More generally, the Ollivier–Ricci curvature is related to the clustering coefficient, that is, the relative frequency of triangles in the network (Jost and Liu 2014).
Protein–protein interaction networks
To illustrate an application of these structural measures to empirical data, we have studied the protein–protein interaction (PPI) networks in human (Luck et al. 2020), with 8275 nodes and 52,569 edges, and fission yeast S. pombe (Vo et al. 2016), with 1306 nodes and 2278 edges. The edges in these network represent binary interactions between the pair of proteins represented as nodes. These undirected and unweighted networks are disconnected with several components, however, they both include a giant component. The giant component consists of 8152 nodes and 52,036 edges in the human PPI network, and of 1306 nodes and 2278 edges in fission yeast PPI network. We have computed the Forman–Ricci curvature, Ollivier–Ricci curvature, and degree difference of edges in these networks, and their distributions are shown in Fig. 1.

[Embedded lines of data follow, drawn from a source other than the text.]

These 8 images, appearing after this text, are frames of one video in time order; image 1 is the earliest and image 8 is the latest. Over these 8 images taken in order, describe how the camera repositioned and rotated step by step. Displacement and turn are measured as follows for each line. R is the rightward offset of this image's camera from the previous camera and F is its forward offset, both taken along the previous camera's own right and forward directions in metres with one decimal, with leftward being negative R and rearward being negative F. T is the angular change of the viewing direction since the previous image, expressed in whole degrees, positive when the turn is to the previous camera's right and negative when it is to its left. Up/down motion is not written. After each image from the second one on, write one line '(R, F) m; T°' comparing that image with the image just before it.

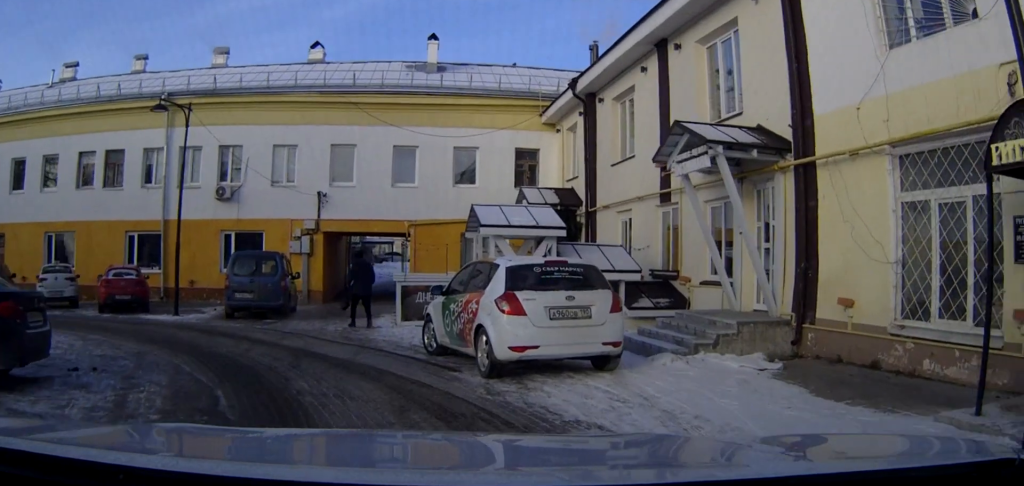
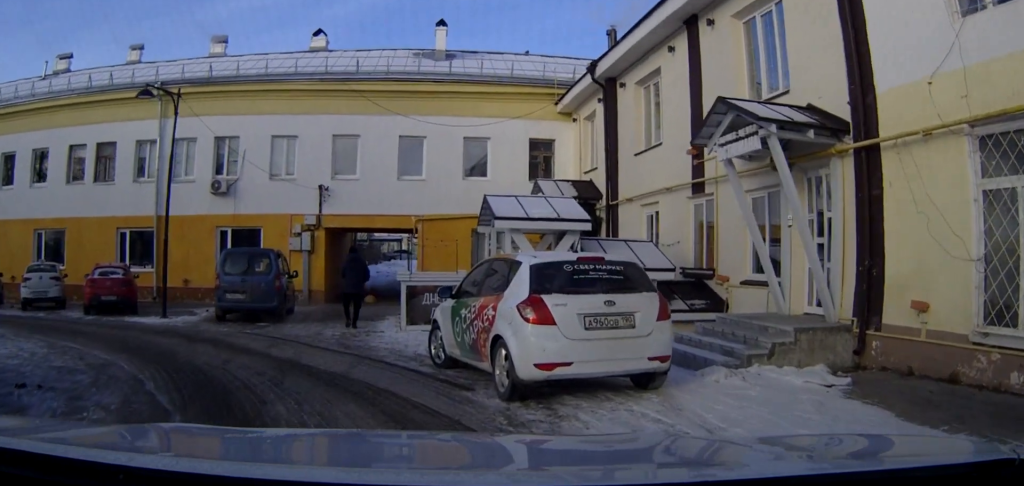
(+0.1, +2.2) m; -1°
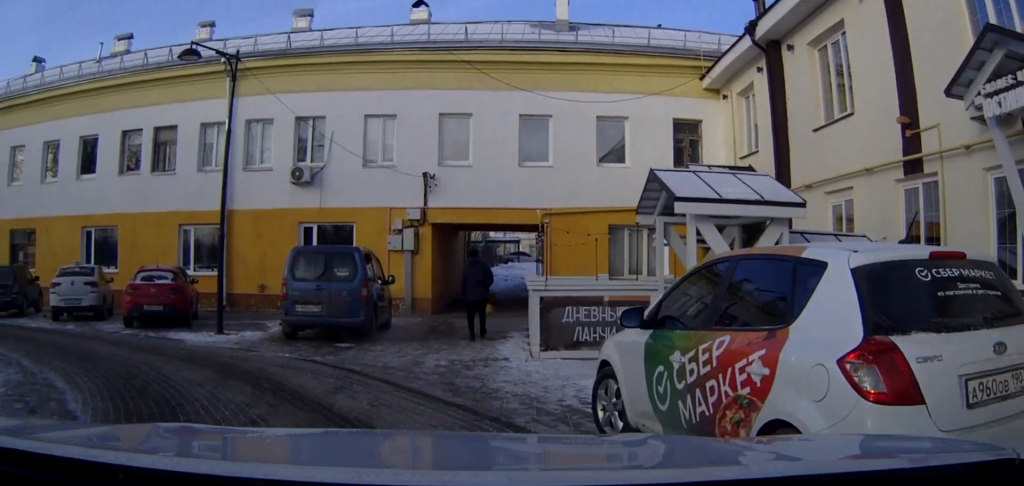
(-0.6, +4.9) m; -13°
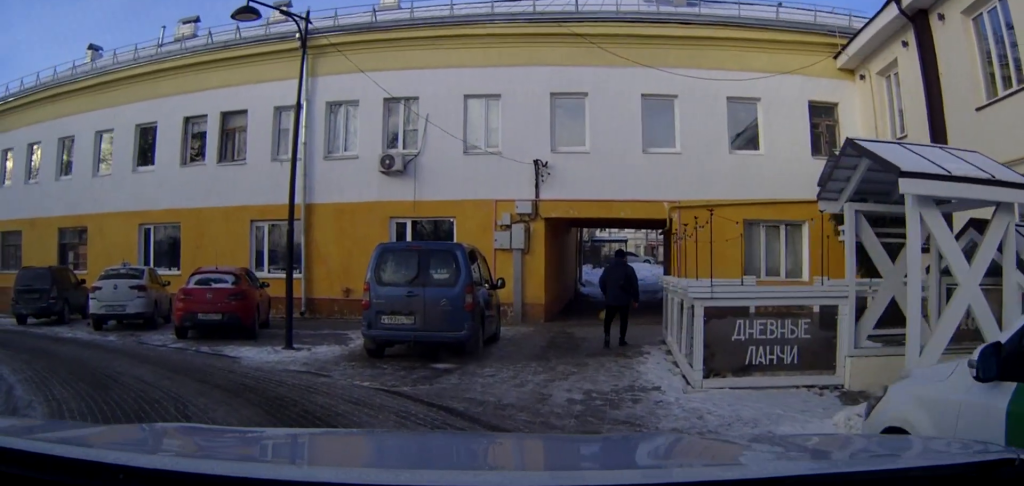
(-0.2, +3.1) m; -9°
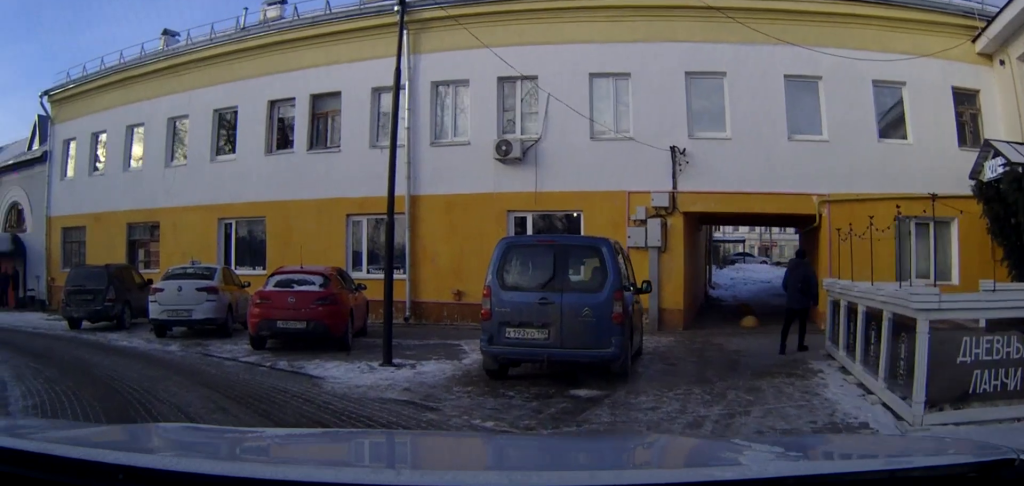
(-0.2, +2.6) m; -9°
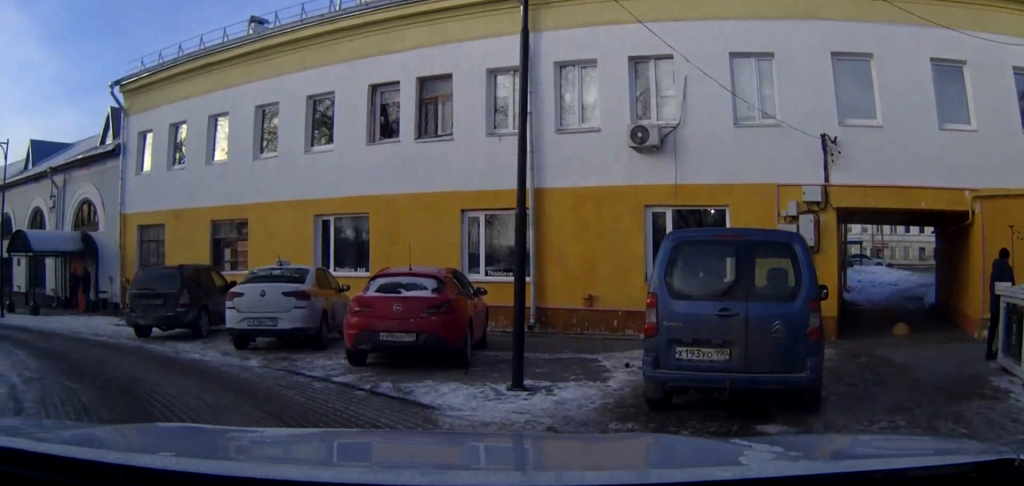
(-0.1, +2.1) m; -7°
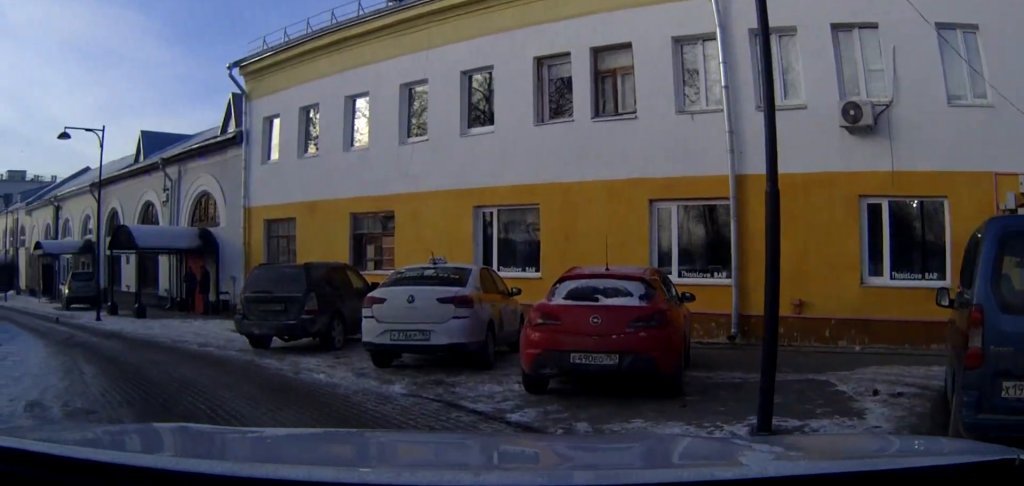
(-0.2, +2.4) m; -6°
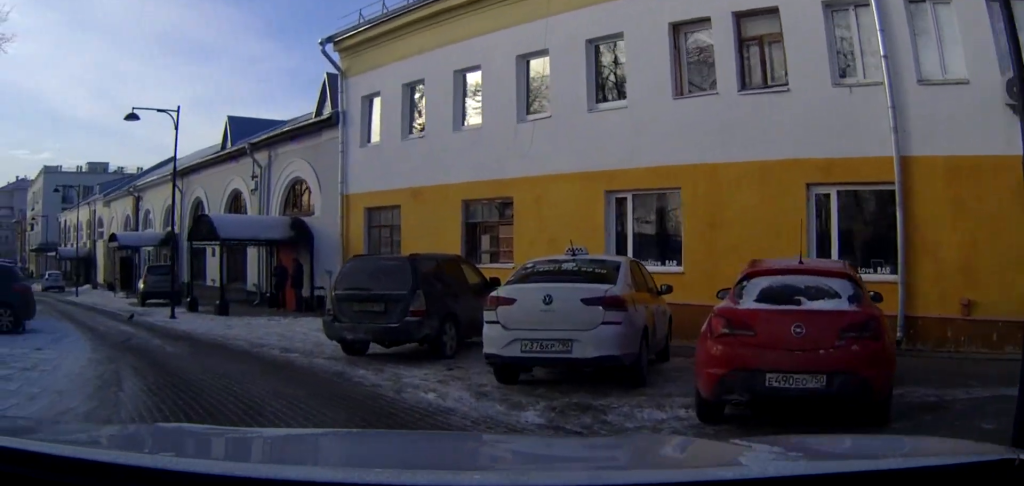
(+0.1, +2.0) m; -5°

In the human PPI network, while Ollivier–Ricci curvature has a unimodal distribution, the bimodal distribution of Forman–Ricci curvature in Fig. 1 signals an evident heterogeneity in the space of protein–protein interactions in the giant component; a major group of interactions are distributed around a relatively small-valued mode, and a small group of interactions between proteins that are, in average, involved in a signficantly larger number of interactions. The degree difference distribution indicates that, although the majority of interactions are between proteins with relatively similar degree, a noticeable proportion of the edges have a considerably large degree difference, which can be as large as 497. This observation is in line with the fact that this network is moderately disassortative with assortativity value \(\sim -0.119\).
Unlike the Ollivier–Ricci curvature distribution of the human PPI network, the fission yeast PPI network has a trimodal distribution of the Ollivier–Ricci curvature, reaching its global mode at curvature value 0. In fact, in the PPI network for fission yeast, all three measures have multimodal distributions, as demonstrated in Fig. 1. Interestingly, the peaks over highly negative values of Forman–Ricci curvature have larger frequencies than those over the moderately negative values. A similar phenomenon is observed in the degree difference distribution of the fission yeast PPI network. The global degree assortativity of the fission yeast PPI network is \(\sim -0.237\). This means that the fission yeast PPI network is considerably more disassortative than the human one, which is explained by the more substantial proportion of interactions in fission yeast between proteins with significantly different degrees. Thus, we see that the distribution of curvature and degree difference values can point us to biologically relevant properties of the interaction statistics in the PPI networks of different species.